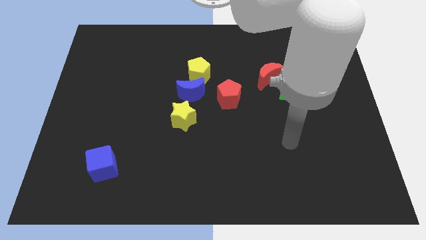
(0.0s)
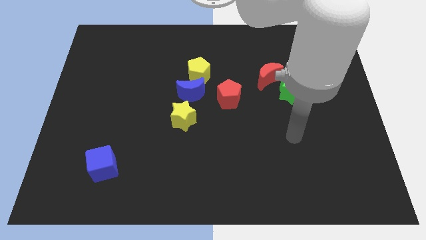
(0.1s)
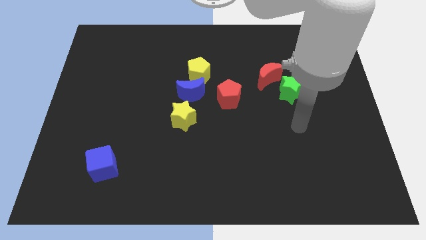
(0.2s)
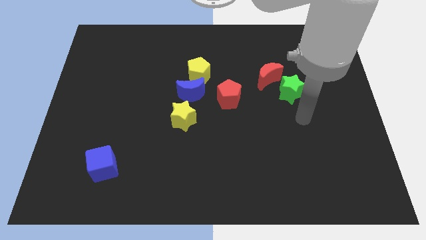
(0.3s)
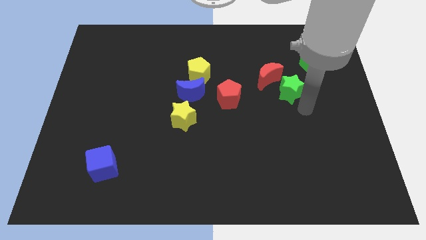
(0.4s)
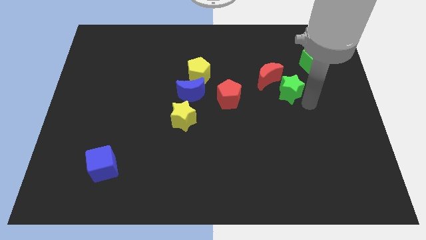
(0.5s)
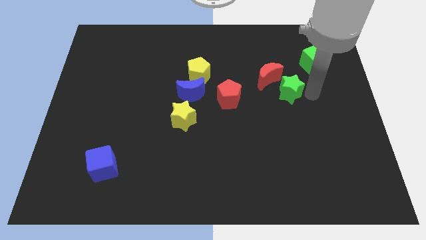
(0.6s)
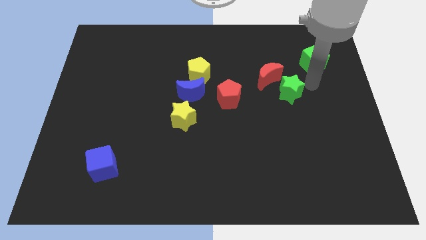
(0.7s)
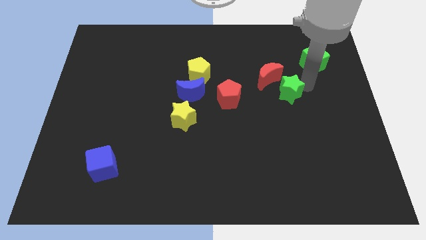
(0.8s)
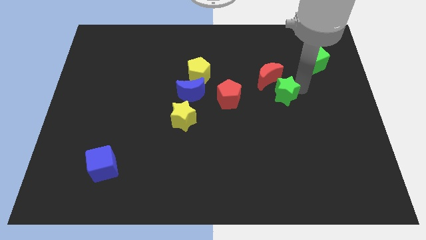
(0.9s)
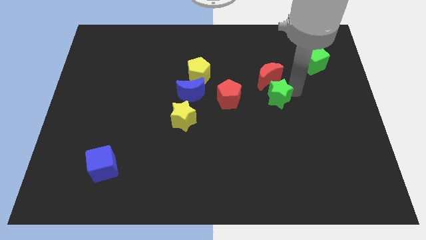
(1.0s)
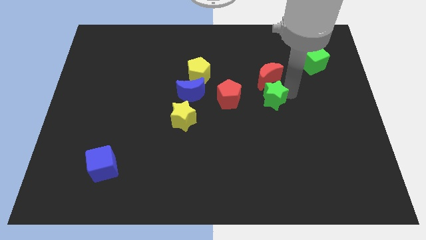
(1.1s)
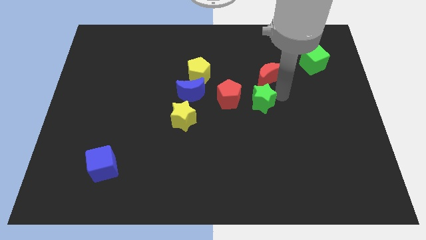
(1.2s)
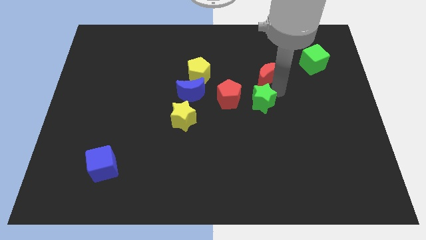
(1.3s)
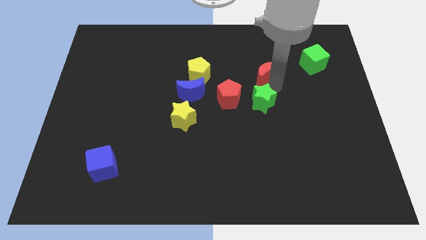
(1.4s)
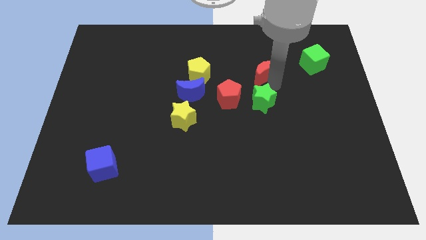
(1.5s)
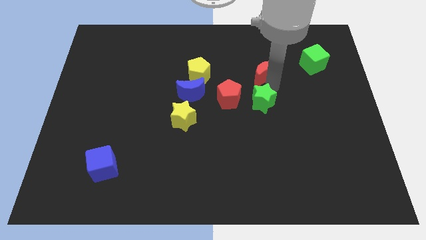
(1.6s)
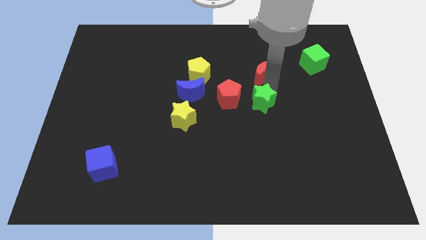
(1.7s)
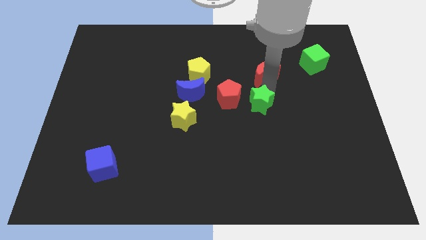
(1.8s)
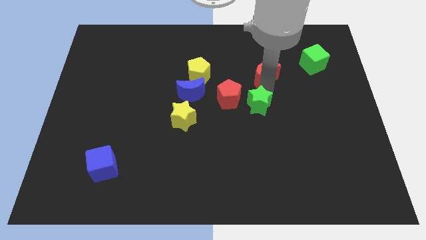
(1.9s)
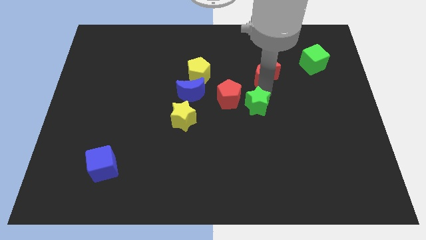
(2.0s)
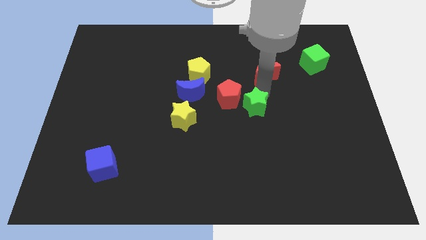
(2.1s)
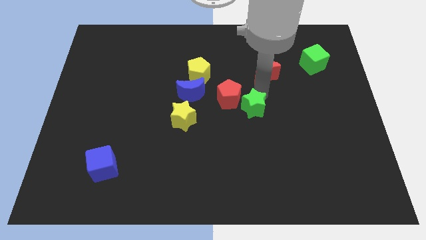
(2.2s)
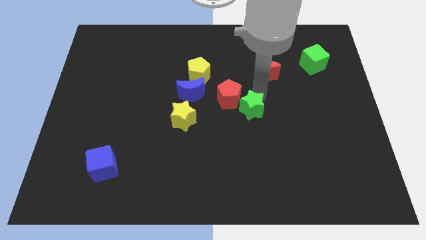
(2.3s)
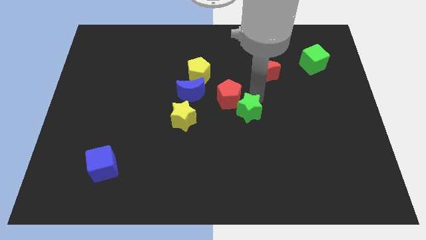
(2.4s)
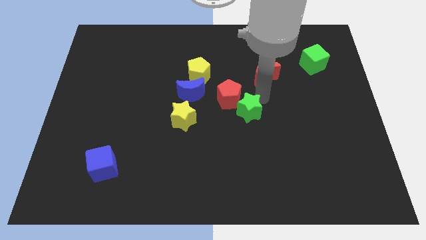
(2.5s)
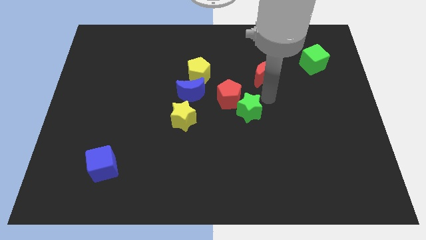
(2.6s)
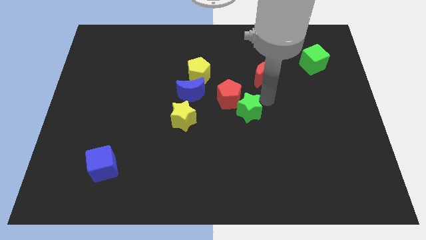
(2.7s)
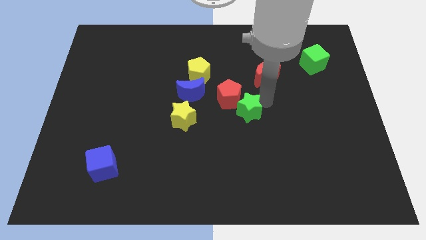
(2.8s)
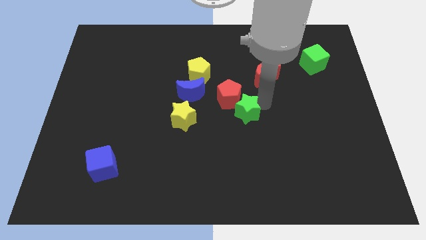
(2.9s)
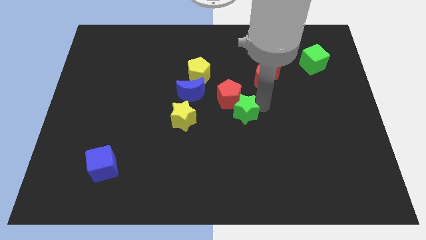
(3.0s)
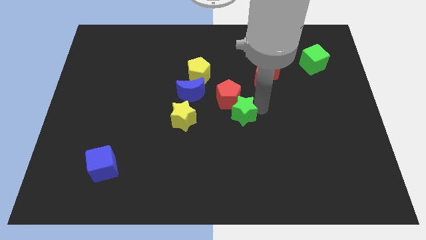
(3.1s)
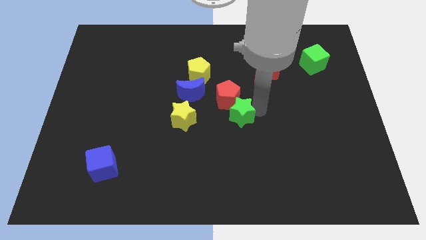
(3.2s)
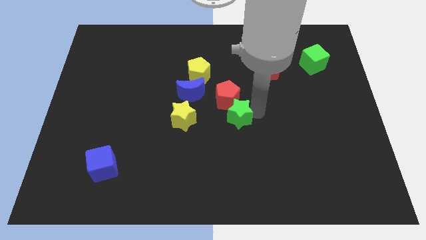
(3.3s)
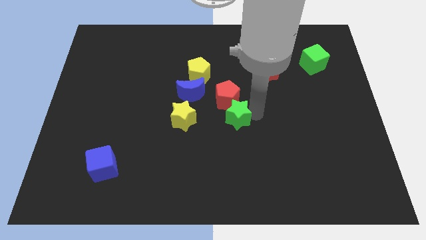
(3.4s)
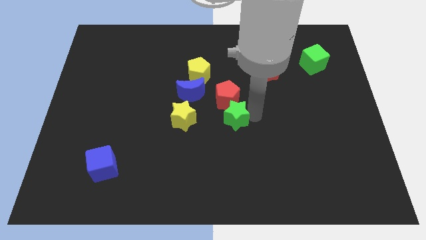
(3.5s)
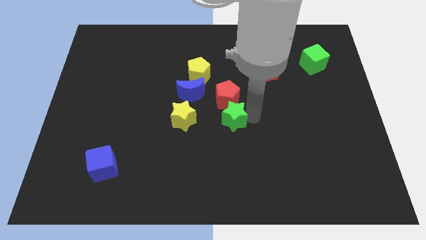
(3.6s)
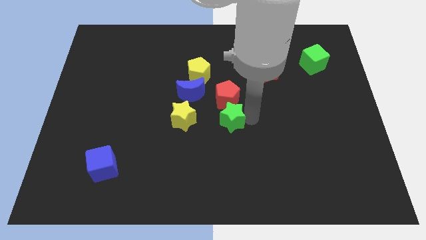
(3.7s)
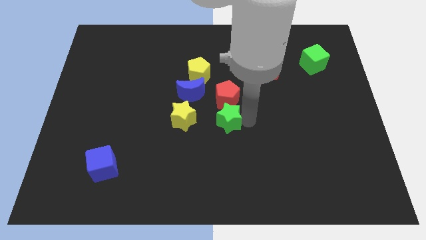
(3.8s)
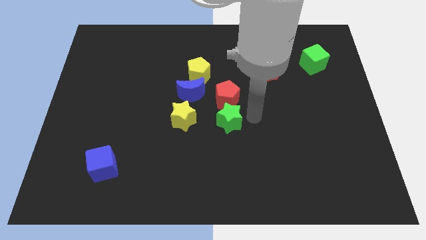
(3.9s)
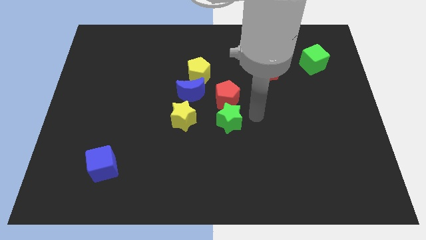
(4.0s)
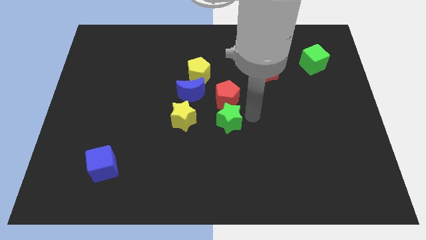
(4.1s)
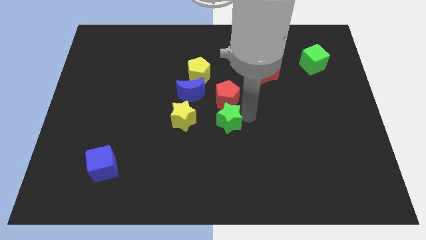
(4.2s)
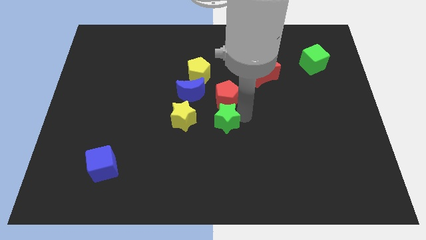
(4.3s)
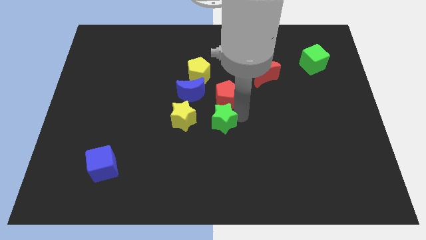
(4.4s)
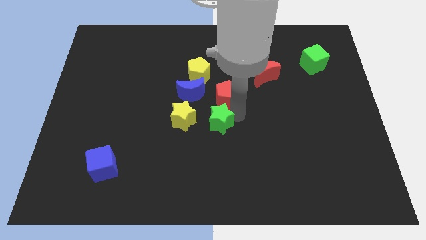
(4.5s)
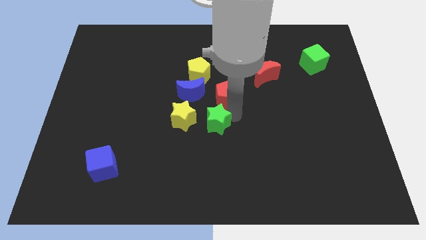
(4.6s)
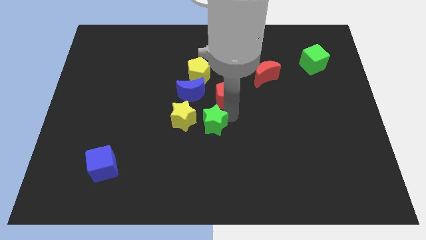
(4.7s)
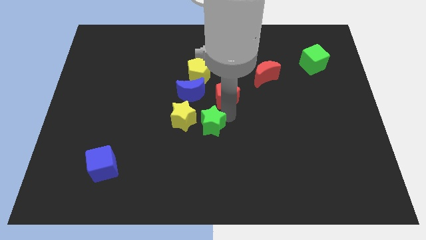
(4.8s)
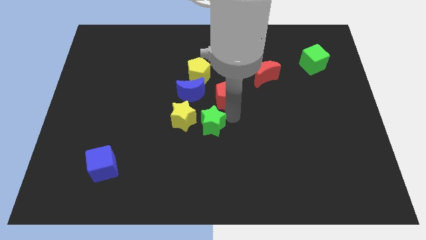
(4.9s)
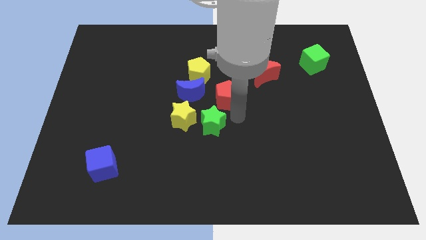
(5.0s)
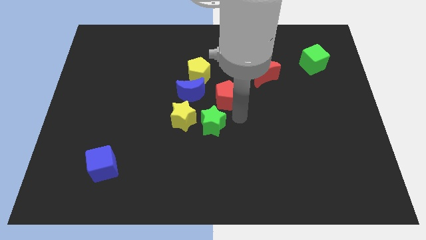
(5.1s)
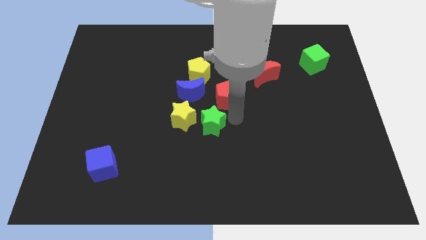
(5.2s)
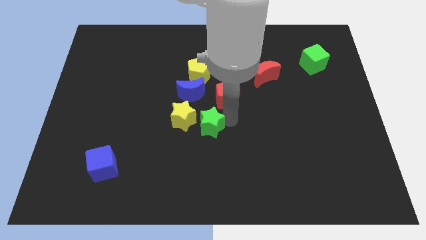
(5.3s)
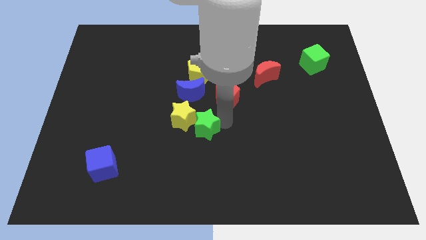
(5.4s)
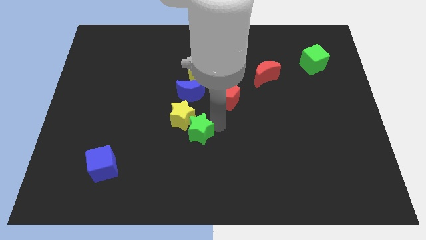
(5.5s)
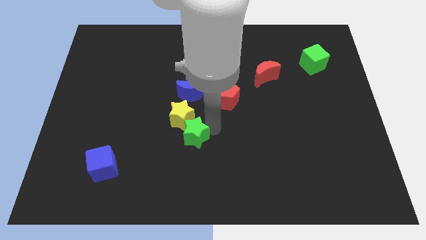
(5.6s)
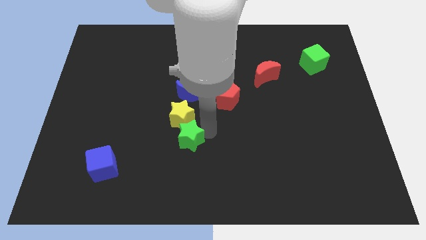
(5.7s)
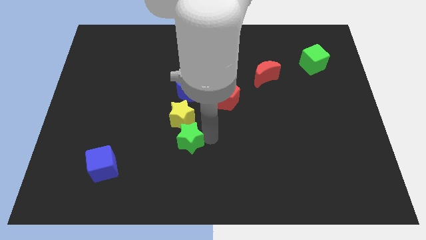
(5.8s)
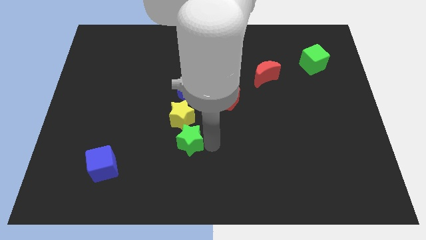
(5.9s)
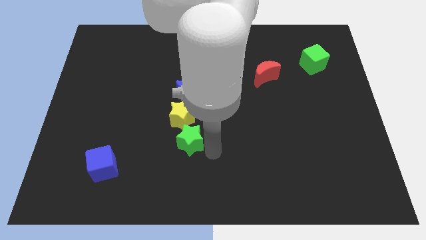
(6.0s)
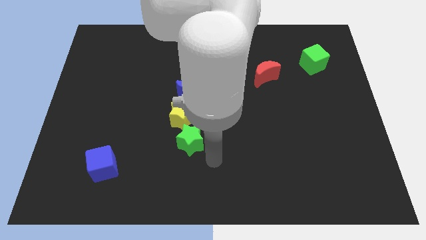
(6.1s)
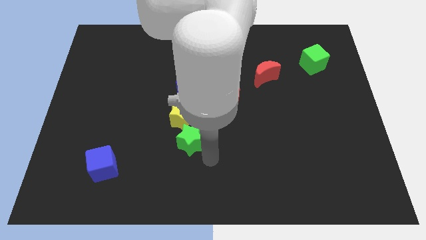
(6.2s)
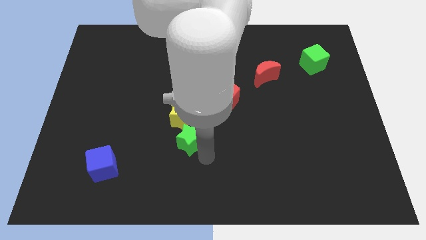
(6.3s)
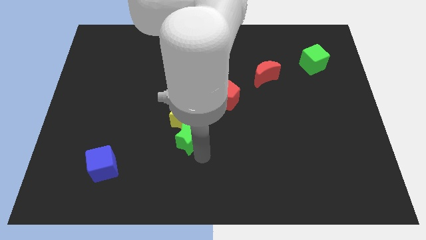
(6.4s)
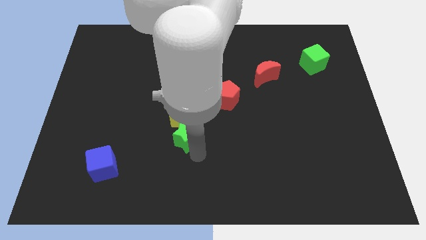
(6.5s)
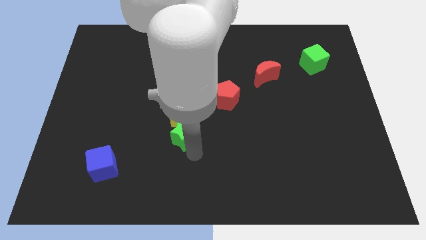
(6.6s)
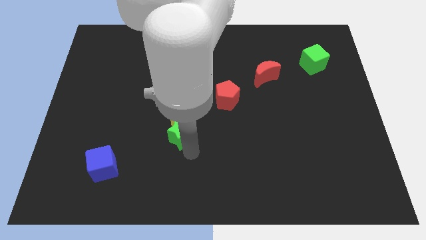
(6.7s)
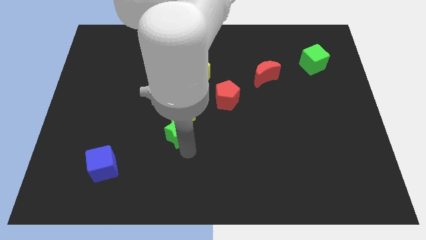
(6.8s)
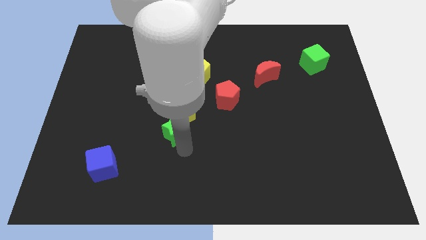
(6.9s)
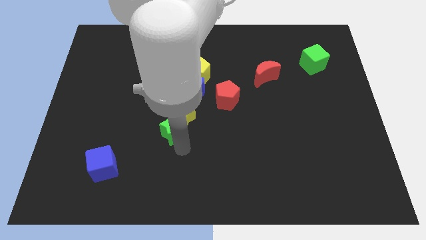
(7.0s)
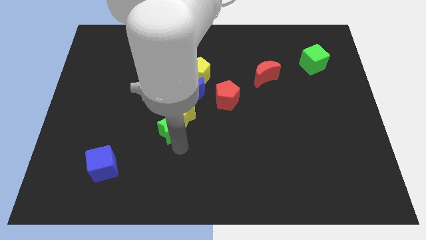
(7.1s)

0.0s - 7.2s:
......
Write every line above out again exactly; pictures do not belong in the copy.

▶ Solution
(0.0s)
(0.1s)
(0.2s)
(0.3s)
(0.4s)
(0.5s)
(0.6s)
(0.7s)
(0.8s)
(0.9s)
(1.0s)
(1.1s)
(1.2s)
(1.3s)
(1.4s)
(1.5s)
(1.6s)
(1.7s)
(1.8s)
(1.9s)
(2.0s)
(2.1s)
(2.2s)
(2.3s)
(2.4s)
(2.5s)
(2.6s)
(2.7s)
(2.8s)
(2.9s)
(3.0s)
(3.1s)
(3.2s)
(3.3s)
(3.4s)
(3.5s)
(3.6s)
(3.7s)
(3.8s)
(3.9s)
(4.0s)
(4.1s)
(4.2s)
(4.3s)
(4.4s)
(4.5s)
(4.6s)
(4.7s)
(4.8s)
(4.9s)
(5.0s)
(5.1s)
(5.2s)
(5.3s)
(5.4s)
(5.5s)
(5.6s)
(5.7s)
(5.8s)
(5.9s)
(6.0s)
(6.1s)
(6.2s)
(6.3s)
(6.4s)
(6.5s)
(6.6s)
(6.7s)
(6.8s)
(6.9s)
(7.0s)
(7.1s)

0.0s - 7.2s:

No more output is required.